Circumventing Competition: The Perverse Consequences of the Digital Millennium Copyright Act
Executive SummaryThe courts have a proven track record of fashioning balanced remedies for the copyright challenges created by new technologies. But when Congress passed the Digital Millennium Copyright Act in 1998, it cut the courts out of this role and instead banned any devices that “circumvent” digital rights management (DRM) technologies, which control access to copyrighted content.
The result has been a legal regime that reduces options and competition in how consumers enjoy media and entertainment. Today, the copyright industry is exerting increasing control over playback devices, cable media offerings, and even Internet streaming. Some firms have used the DMCA to thwart competition by preventing research and reverse engineering. Others have brought the weight of criminal sanctions to bear against critics, competitors, and researchers.
The DMCA is anti-competitive. It gives copyright holders—and the technology companies that distribute their content—the legal power to create closed technology platforms and exclude competitors from interoperating with them. Worst of all, DRM technologies are clumsy and ineffective; they inconvenience legitimate users but do little to stop pirates.
Fortunately, repeal of the DMCA would not lead to intellectual property anarchy. Prior to the DMCA’s enactment, the courts had already been developing a body of law that strikes a sensible balance between innovation and the protection of intellectual property. That body of law protected competition, consumer choice, and the important principle of fair use without sacrificing the rights of copyright holders. And because it focused on the actions of people rather than on the design of technologies, it gave the courts the flexibility they needed to adapt to rapid technological change.
As others have remarked on this, it’s amazing how opposition to the DMCA comes from across the political spectrum. CATO is about as right wing libertarian as you can get - they’re not saying anything much different from what technologists have been saying for years. It seems that everyone is able to see just how idiotic and counterproductive this law is; everyone, in fact, who’s not a media company executive.
This comes on the heals of another anecdote regarding the DMCA. From Freedom to Tinker:
Some background: In light of the Sony-BMG CD incident, Alex and I asked the Copyright Office for an exemption allowing users to remove from their computers certain DRM software that causes security and privacy harm.

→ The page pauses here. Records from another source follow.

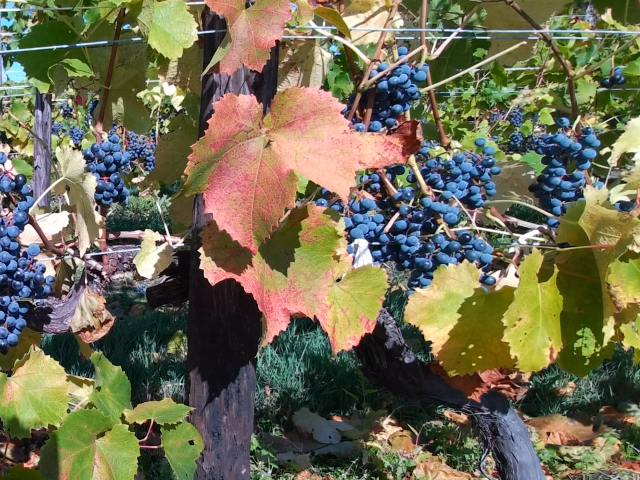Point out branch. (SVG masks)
<instances>
[{
    "instance_id": "30e6481e",
    "label": "branch",
    "mask_w": 640,
    "mask_h": 480,
    "mask_svg": "<svg viewBox=\"0 0 640 480\" xmlns=\"http://www.w3.org/2000/svg\"><path fill=\"white\" fill-rule=\"evenodd\" d=\"M386 36H387V32H382L381 33V36L379 38L376 50H375L373 56L370 58V61H369V64H368V68H367V70H366V72L364 74L362 82L360 80L359 72L356 69L351 49L349 48V46L347 44L343 45V49L346 52V55H347V58H348V62H349V65H350V68H351V71H352V74H353V78L355 79V85L357 87H359V89H358V91L356 93V96H355V98L353 100V104H352L351 110L346 116L347 120H351L352 117L356 113L358 102L360 101V98H361V96H362V94L364 92V89H365L366 85H367L368 79H369V77L371 75V72L373 70V66H374L375 60L378 58L379 54L381 53L382 46H383V43H384V41L386 39Z\"/></svg>"
},
{
    "instance_id": "325d2c04",
    "label": "branch",
    "mask_w": 640,
    "mask_h": 480,
    "mask_svg": "<svg viewBox=\"0 0 640 480\" xmlns=\"http://www.w3.org/2000/svg\"><path fill=\"white\" fill-rule=\"evenodd\" d=\"M119 49V45H112L107 61V70L105 74L104 88L102 94L100 96L97 117H96V133H95V141L100 143L102 141L103 135V120L106 102L111 90V83L113 82L112 76L114 72V63L117 56V52Z\"/></svg>"
},
{
    "instance_id": "170604dd",
    "label": "branch",
    "mask_w": 640,
    "mask_h": 480,
    "mask_svg": "<svg viewBox=\"0 0 640 480\" xmlns=\"http://www.w3.org/2000/svg\"><path fill=\"white\" fill-rule=\"evenodd\" d=\"M541 37L546 39V41L550 44L558 61L564 67V69L568 72V81H569V87L571 91V113H572V118L576 119L577 115H581V114L578 112V106L576 102V88H575L574 79H573V69L570 68V66L563 59L561 52L559 51L555 42L551 40V37L545 33H541Z\"/></svg>"
},
{
    "instance_id": "45aa463d",
    "label": "branch",
    "mask_w": 640,
    "mask_h": 480,
    "mask_svg": "<svg viewBox=\"0 0 640 480\" xmlns=\"http://www.w3.org/2000/svg\"><path fill=\"white\" fill-rule=\"evenodd\" d=\"M406 164L409 165L410 168L412 169V171L414 172L417 185L420 188L421 192L424 194V196L427 197L428 199H431L432 202H436L437 201V196L432 192L431 187L429 186V184L424 182L423 177L420 176V172H419V170L417 168L418 164L416 163L415 156L414 155H410L406 159Z\"/></svg>"
},
{
    "instance_id": "982ccf7c",
    "label": "branch",
    "mask_w": 640,
    "mask_h": 480,
    "mask_svg": "<svg viewBox=\"0 0 640 480\" xmlns=\"http://www.w3.org/2000/svg\"><path fill=\"white\" fill-rule=\"evenodd\" d=\"M429 94H430V104H431V108H432V112H433L435 124H436V133L439 134V142L444 149H448L449 142L445 137L444 128L438 114V109L435 102V92L433 88L429 89Z\"/></svg>"
},
{
    "instance_id": "1ff4a987",
    "label": "branch",
    "mask_w": 640,
    "mask_h": 480,
    "mask_svg": "<svg viewBox=\"0 0 640 480\" xmlns=\"http://www.w3.org/2000/svg\"><path fill=\"white\" fill-rule=\"evenodd\" d=\"M28 224L37 232L38 236L40 237L45 248L48 251H51L56 256H62L64 254V249L60 246L52 244L43 228L33 218H30L28 220Z\"/></svg>"
},
{
    "instance_id": "ea751061",
    "label": "branch",
    "mask_w": 640,
    "mask_h": 480,
    "mask_svg": "<svg viewBox=\"0 0 640 480\" xmlns=\"http://www.w3.org/2000/svg\"><path fill=\"white\" fill-rule=\"evenodd\" d=\"M375 100V89L374 88H370L369 89V93H368V97H367V102H366V109H365V114H364V118H363V123L365 127L369 126V123L371 121V112H372V107H373V103Z\"/></svg>"
},
{
    "instance_id": "ca6c30ca",
    "label": "branch",
    "mask_w": 640,
    "mask_h": 480,
    "mask_svg": "<svg viewBox=\"0 0 640 480\" xmlns=\"http://www.w3.org/2000/svg\"><path fill=\"white\" fill-rule=\"evenodd\" d=\"M506 5L511 6L513 9H515L527 22L530 23L532 28H541V25L536 22L529 14L523 11V9L513 0H506Z\"/></svg>"
},
{
    "instance_id": "1d269e1b",
    "label": "branch",
    "mask_w": 640,
    "mask_h": 480,
    "mask_svg": "<svg viewBox=\"0 0 640 480\" xmlns=\"http://www.w3.org/2000/svg\"><path fill=\"white\" fill-rule=\"evenodd\" d=\"M123 16H124V10L122 8H119L117 10V14H116V18H115V25H114L113 38L115 40L119 39L120 36H121V27H122Z\"/></svg>"
},
{
    "instance_id": "1af6ec82",
    "label": "branch",
    "mask_w": 640,
    "mask_h": 480,
    "mask_svg": "<svg viewBox=\"0 0 640 480\" xmlns=\"http://www.w3.org/2000/svg\"><path fill=\"white\" fill-rule=\"evenodd\" d=\"M489 214H490L491 216H494L495 218H497L499 221H501V222H502L503 224H505L506 226H509V225H510V221H509V220H507V219H505L501 214H499V213L497 212V210L495 209V207H494V206H491V207H490Z\"/></svg>"
},
{
    "instance_id": "2b1400db",
    "label": "branch",
    "mask_w": 640,
    "mask_h": 480,
    "mask_svg": "<svg viewBox=\"0 0 640 480\" xmlns=\"http://www.w3.org/2000/svg\"><path fill=\"white\" fill-rule=\"evenodd\" d=\"M397 8H398V4H397V3H394V4L392 5L391 9H390V13H389L388 18H387V20H386V21H385V23H384V27H389V26H390V23L392 22V20H393V18H394V15H395V12H396V9H397Z\"/></svg>"
},
{
    "instance_id": "8bde2521",
    "label": "branch",
    "mask_w": 640,
    "mask_h": 480,
    "mask_svg": "<svg viewBox=\"0 0 640 480\" xmlns=\"http://www.w3.org/2000/svg\"><path fill=\"white\" fill-rule=\"evenodd\" d=\"M381 183L384 185L385 192H386L388 197H391V196L395 195L394 189L389 185V183L387 182V180L385 178L381 179Z\"/></svg>"
},
{
    "instance_id": "a944a4c4",
    "label": "branch",
    "mask_w": 640,
    "mask_h": 480,
    "mask_svg": "<svg viewBox=\"0 0 640 480\" xmlns=\"http://www.w3.org/2000/svg\"><path fill=\"white\" fill-rule=\"evenodd\" d=\"M435 221H436V223H437L438 225H441V224H444V225H445V227L450 231V234H451V237H450V238H451L452 240H456V239H457V236L454 234V232H453L450 228H448V226L446 225L445 221H444L443 219H441V216H440V215H436V216H435Z\"/></svg>"
}]
</instances>

The CCIA and Open Source and Industry Association made an even simpler request for an exemption for DRM systems that “employ access control measures which threaten critical infrastructure and potentially endanger lives.” Who could oppose that?The BSA, RIAA, MPAA, and friends — that’s who.
It’s interesting that these giant industry groups and conglomerates are defending so feircely something that’s so clearly anti-consumer and anti-competition. Interesting, but not surprising.